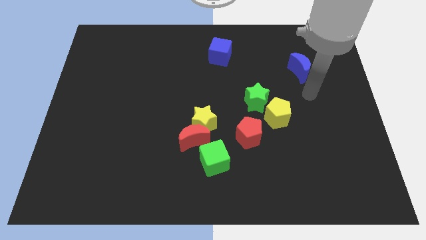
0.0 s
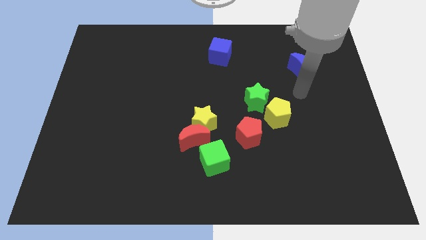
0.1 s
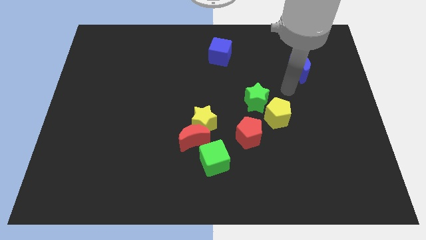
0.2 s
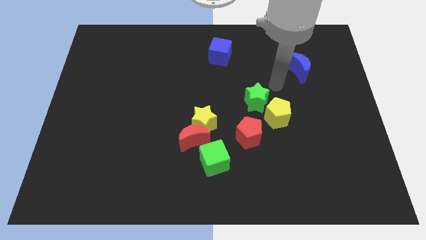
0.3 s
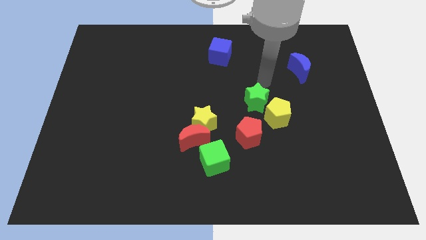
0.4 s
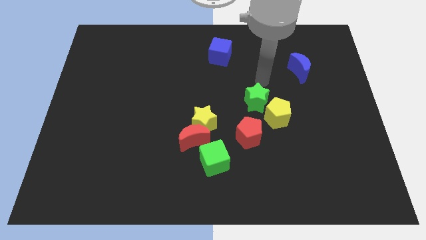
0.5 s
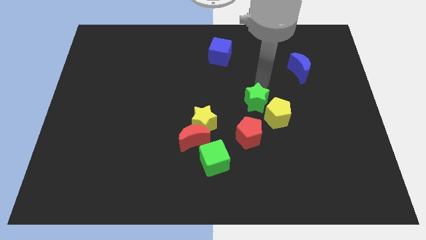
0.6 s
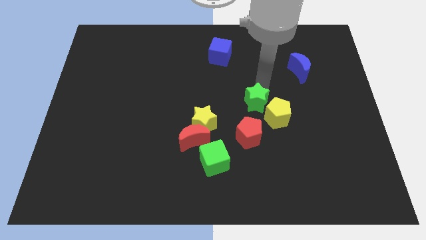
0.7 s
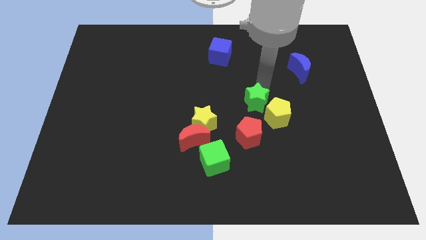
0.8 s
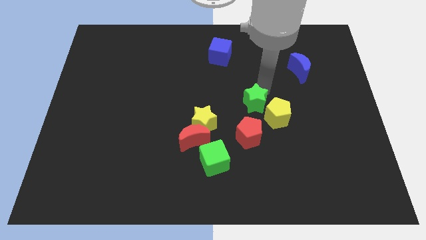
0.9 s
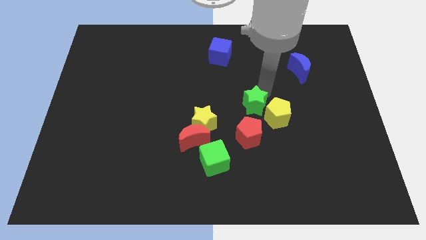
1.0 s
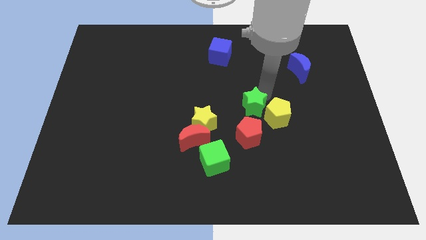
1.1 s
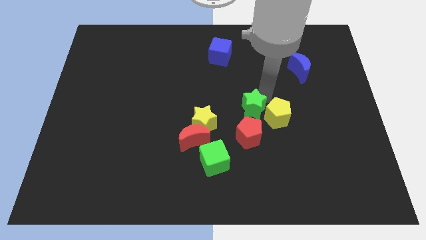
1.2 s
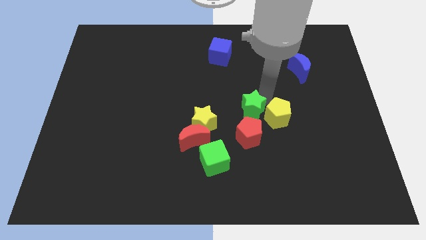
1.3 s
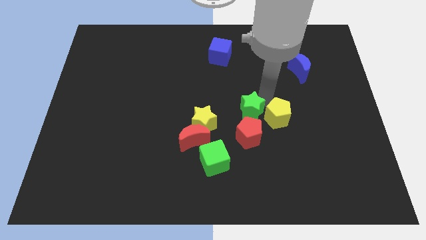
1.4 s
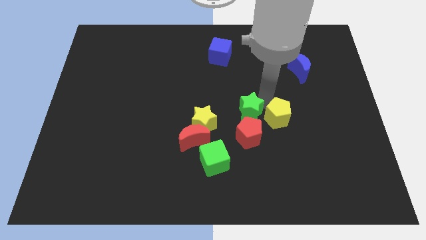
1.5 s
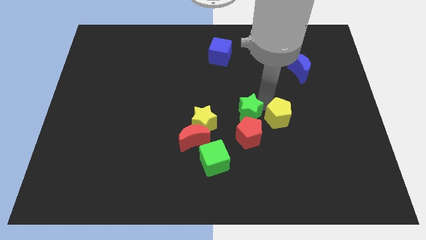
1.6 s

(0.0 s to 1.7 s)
put the green star next to the red pentagon

——————

Please reproduce all the material exactly. Pictures stay out of the copy.

**Answer box**.
0.0 s
0.1 s
0.2 s
0.3 s
0.4 s
0.5 s
0.6 s
0.7 s
0.8 s
0.9 s
1.0 s
1.1 s
1.2 s
1.3 s
1.4 s
1.5 s
1.6 s

(0.0 s to 1.7 s)
put the green star next to the red pentagon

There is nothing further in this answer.